Ternary Policy Iteration Algorithm for Nonlinear Robust Control
Jie Li, Shengbo Eben Li, Yang Guan, Jingliang Duan, Wenyu Li, Yuming, Yin

TL;DR
This paper introduces a ternary policy iteration algorithm for nonlinear robust control, formulating the problem as a differential game and demonstrating convergence and disturbance resistance through simulations.
Contribution
The paper presents a novel TPI algorithm that directly updates policies using loss functions derived from the HJI equation, applicable to nonlinear systems with uncertainties.
Findings
Converges to optimal solutions for linear plants.
Exhibits high disturbance resistance in nonlinear plants.
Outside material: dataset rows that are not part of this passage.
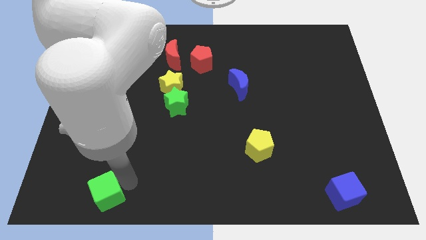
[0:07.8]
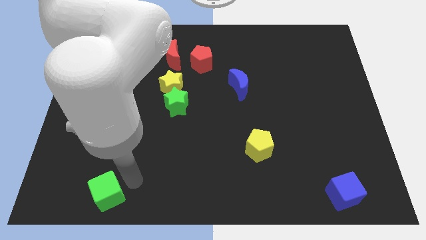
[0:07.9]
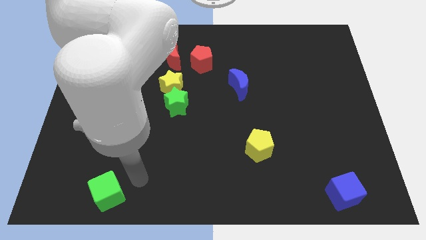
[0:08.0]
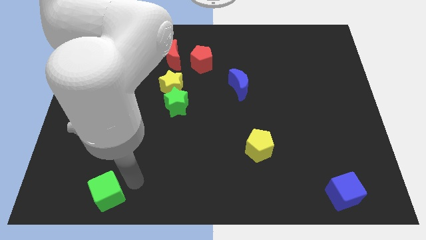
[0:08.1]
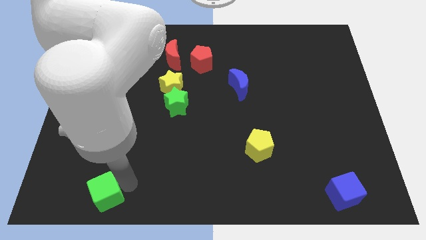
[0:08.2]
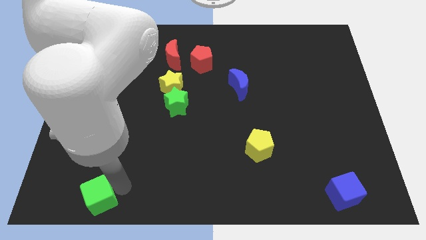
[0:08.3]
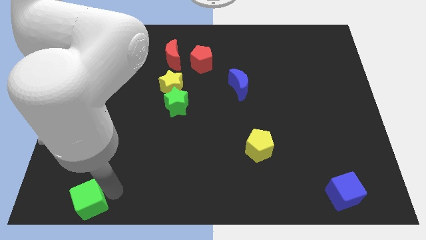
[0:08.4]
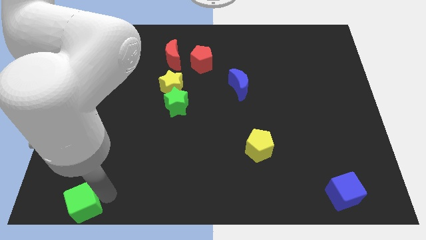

Uses gradient descent for policy updates.
Abstract
The uncertainties in plant dynamics remain a challenge for nonlinear control problems. This paper develops a ternary policy iteration (TPI) algorithm for solving nonlinear robust control problems with bounded uncertainties. The controller and uncertainty of the system are considered as game players, and the robust control problem is formulated as a two-player zero-sum differential game. In order to solve the differential game, the corresponding Hamilton-Jacobi-Isaacs (HJI) equation is then derived. Three loss functions and three update phases are designed to match the identity equation, minimization and maximization of the HJI equation, respectively. These loss functions are defined by the expectation of the approximate Hamiltonian in a generated state set to prevent operating all the states in the entire state set concurrently. The parameters of value function and policies are directly…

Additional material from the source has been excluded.